__Exercise instructions__
Could you restate word for word every line from the one containing "cover by kind: coniferous" to the end of the records, and nothing else?

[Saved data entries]
————

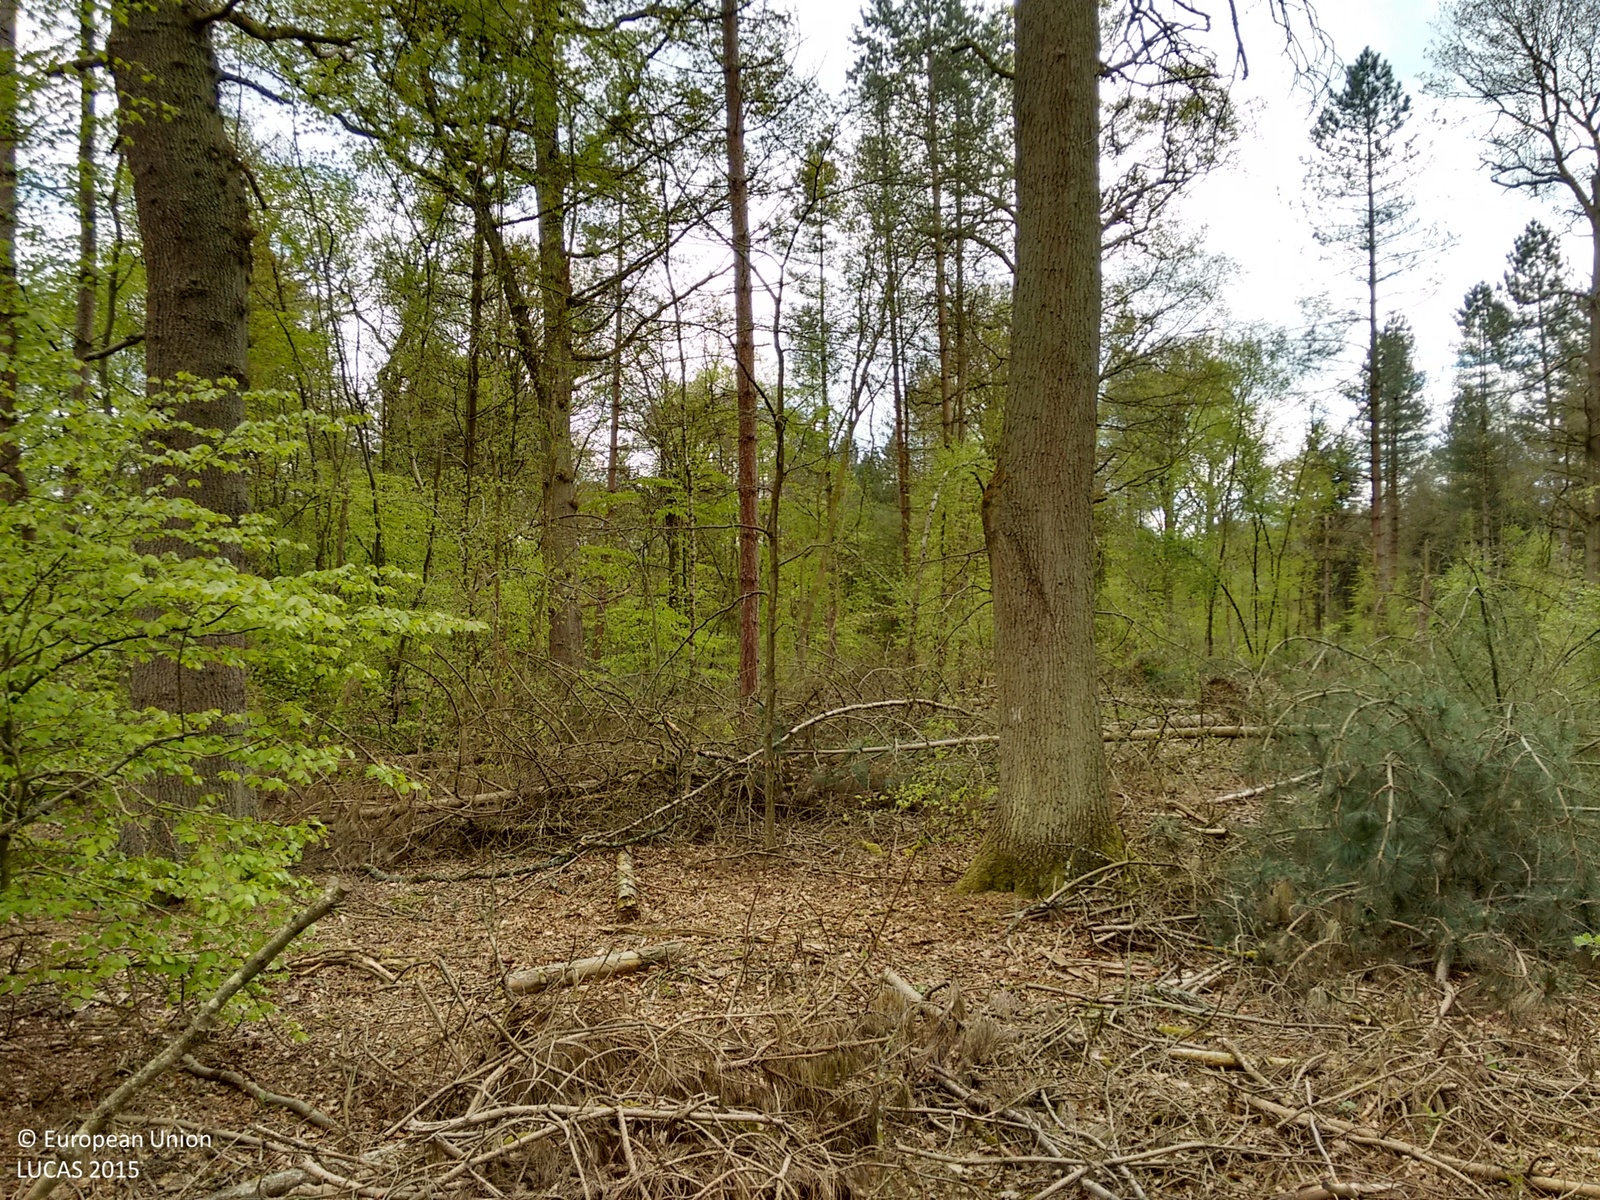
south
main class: Woodland
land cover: Pine dominated mixed woodland
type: mesophytic deciduous forest
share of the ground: 50 - 75 %
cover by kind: coniferous forest trees 60 %, broadleaved forest trees 30 %, shrubs 10 %
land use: Forestry
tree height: > 5 m
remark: Clear cut
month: April
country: GB
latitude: 51.6597
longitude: -0.6656

————

__Output__
cover by kind: coniferous forest trees 60 %, broadleaved forest trees 30 %, shrubs 10 %
land use: Forestry
tree height: > 5 m
remark: Clear cut
month: April
country: GB
latitude: 51.6597
longitude: -0.6656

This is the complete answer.